→ Problem requirements:
Only the line containing "STEP (ISO 10303-21)" and the lines after it, through the end of the data below, are to be returned, each exactly as it stands.

##### Excerpted data #####

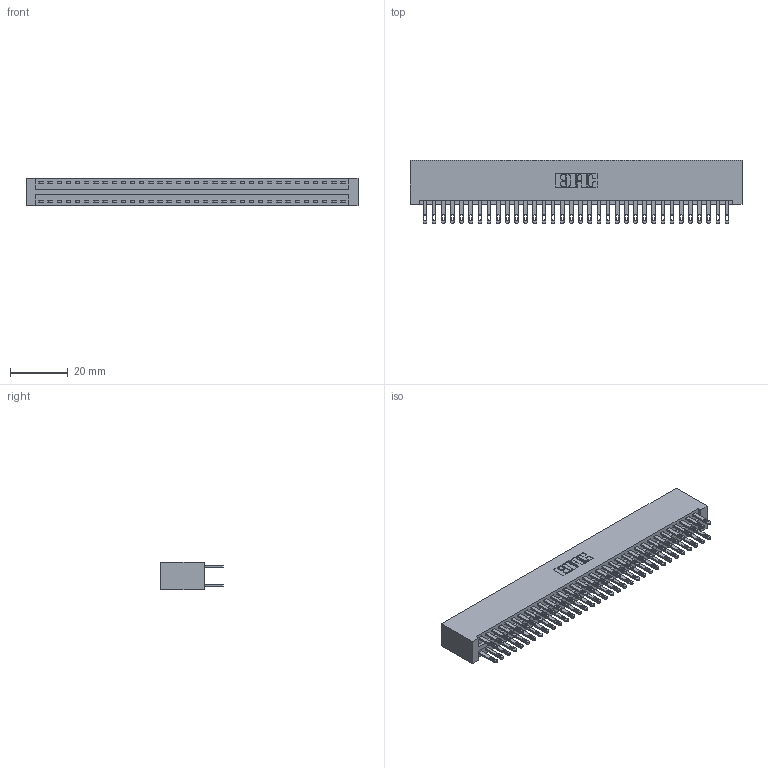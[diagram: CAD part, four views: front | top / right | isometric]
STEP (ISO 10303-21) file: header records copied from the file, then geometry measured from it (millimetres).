
FILE_DESCRIPTION (( 'STEP AP203' ), '1' );
FILE_NAME ('346-068-500-201.STEP', '2018-08-28T11:55:07', ( '' ), ( '' ), 'SwSTEP 2.0', 'SolidWorks 2016', '' );
FILE_SCHEMA (( 'CONFIG_CONTROL_DESIGN' ));
Length unit declared in the file: inch
Products named in the file (3): 346 Part_No Mounting Lugs; 345-292-001_345-293-100; 346-068-500-201
Assembly tree (69 placements, depth 2):
  346-068-500-201
    346 Part_No Mounting Lugs
    345-292-001_345-293-100  x68
Bounding box: 115.19 x 21.84 x 9.4 mm (x, y, z)
Volume: 11951.3 mm3; surface area: 17177 mm2
Topology: 69 solids, 69 shells, 3378 faces, 10301 edges, 6866 vertices
Faces by surface type: plane 2044, cylinder 1334
Entity records: 22919 total; most frequent: CARTESIAN_POINT 3784, ORIENTED_EDGE 3718, DIRECTION 3383, EDGE_CURVE 1859, VECTOR 1595, LINE 1595, VERTEX_POINT 1238, AXIS2_PLACEMENT_3D 894

#####

→ Task result:
STEP (ISO 10303-21) file: header records copied from the file, then geometry measured from it (millimetres).
FILE_DESCRIPTION (( 'STEP AP203' ), '1' );
FILE_NAME ('346-068-500-201.STEP', '2018-08-28T11:55:07', ( '' ), ( '' ), 'SwSTEP 2.0', 'SolidWorks 2016', '' );
FILE_SCHEMA (( 'CONFIG_CONTROL_DESIGN' ));
Length unit declared in the file: inch
Products named in the file (3): 346 Part_No Mounting Lugs; 345-292-001_345-293-100; 346-068-500-201
Assembly tree (69 placements, depth 2):
  346-068-500-201
    346 Part_No Mounting Lugs
    345-292-001_345-293-100  x68
Bounding box: 115.19 x 21.84 x 9.4 mm (x, y, z)
Volume: 11951.3 mm3; surface area: 17177 mm2
Topology: 69 solids, 69 shells, 3378 faces, 10301 edges, 6866 vertices
Faces by surface type: plane 2044, cylinder 1334
Entity records: 22919 total; most frequent: CARTESIAN_POINT 3784, ORIENTED_EDGE 3718, DIRECTION 3383, EDGE_CURVE 1859, VECTOR 1595, LINE 1595, VERTEX_POINT 1238, AXIS2_PLACEMENT_3D 894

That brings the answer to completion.